Harry emphasised that the project's success is greatly influenced and propelled by the exceptional expertise of the University research facility.

‘The professional development and growth of the research project were significantly enhanced by the invaluable expertise provided by the University research facility. Personally engaging in the practical aspects of our work has instilled a profound sense of purpose and pride in our craftsmanship in me. Through developing these tools, I have gained extensive knowledge in engineering rigour, quality management, and establishing connections with industrial suppliers. These skills are indispensable in creating a market-ready product.

‘The University's research facility played a crucial role in the development of innovative "stack and draw" techniques, drawing inspiration from methods initially devised for photonic crystal fibres. This expertise was instrumental in constructing the enhanced imaging fibres that we currently employ in our flagship product. Undoubtedly, these fibres represent a pivotal element that significantly contributes to the ongoing success and advancement of the entire project.’

Meeting challenges and finding inspiration

Harry and Dr James Stone found inspiration and began designing specific fibres and tools. However, this was just the beginning. They needed to face the challenges and overcome them.

‘Dr Stone and I have been blessed with several moments of inspiration that sparked our journey to design specific fibres and tools. However, what followed was a demanding and arduous path, requiring relentless effort. We tirelessly iterated on the design, incorporating valuable feedback from Edinburgh, enhancing every subsequent version by rectifying any flaws that surfaced, while also incorporating new features or making subtle adjustments to better serve the end users in the clinic. Throughout this journey, we remained dedicated to our goal, continuously striving to refine and perfect our creations.’

A mutually beneficial partnership

‘The partnership between Prothea Technologies and the University has yielded remarkable benefits for both parties,' says Harry.

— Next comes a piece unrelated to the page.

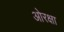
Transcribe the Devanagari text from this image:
ओरक्षा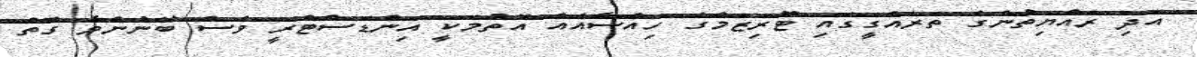
އަދި ރައްޔިތުންގެ ތަރައްގީގައި ޓޫރިޒަމްގެ ހިއްސާއެއް އޮތުމަކީ އިންޑަސްޓްރީ ވެސް ބޭނުންވާ ގޮތް

'The University has witnessed a notable boost in its research reputation, thanks to the publications stemming from this collaboration, while Prothea Technologies has gained a significant advantage by acquiring the patents generated during these research projects, thereby fortifying and expanding its intellectual property portfolio.

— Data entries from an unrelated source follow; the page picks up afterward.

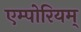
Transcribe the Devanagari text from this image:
एम्पोरियम्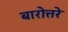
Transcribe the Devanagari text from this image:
बारोत्तरे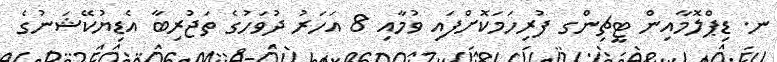
ނ. ޑިޕްލޮމާއިން ޓީޗިންގ ފުރިހަމަކޮށްފައި ވުމާއި 8 އަހަރު ދުވަހުގެ ތަޖުރިބާ އެޑިޔުކޭޝަނުގެ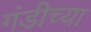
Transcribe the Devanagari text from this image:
गंडीच्या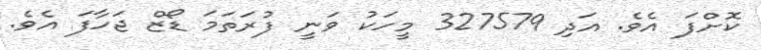
ކޮށްފަ އެވެ. އަދި 327579 މީހަކު ވަނީ ފުރަތަމަ ޑޯޒް ޖަހާފަ އެވެ.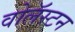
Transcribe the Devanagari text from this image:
वोलॅस्टन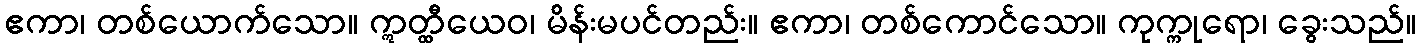
ဧကာ၊ တစ်ယောက်သော။ ဣတ္ထီယေဝ၊ မိန်းမပင်တည်း။ ဧကာ၊ တစ်ကောင်သော။ ကုက္ကုရော၊ ခွေးသည်။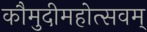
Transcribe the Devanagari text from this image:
कौमुदीमहोत्सवम्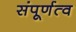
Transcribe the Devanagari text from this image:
संपूर्णत्व

'By leveraging the exceptional capabilities of the specialised Fibre Fabrication Facility, the company has gained a competitive edge, streamlining the development of cutting-edge optics. Additionally, the joint effort has led to the creation of a med-tech start-up, which has made a valuable contribution to the University's Research Excellence Framework (REF) score.

‘Prothea Technologies has secured office and laboratory space at the University to establish a dedicated branch specialising in optical fibre technology. By using this facility, we have gained exclusive access to the optical fibre drawing towers, allowing us to rent time for fibre manufacturing that plays a pivotal role in our products.

'Currently, these products are undergoing rigorous clinical trials, with a specific emphasis on meeting the demands of the medical technology market. This strategic collaboration not only enables Prothea Technologies to achieve significant cost savings but also empowers us to leverage the invaluable resources provided by the University.’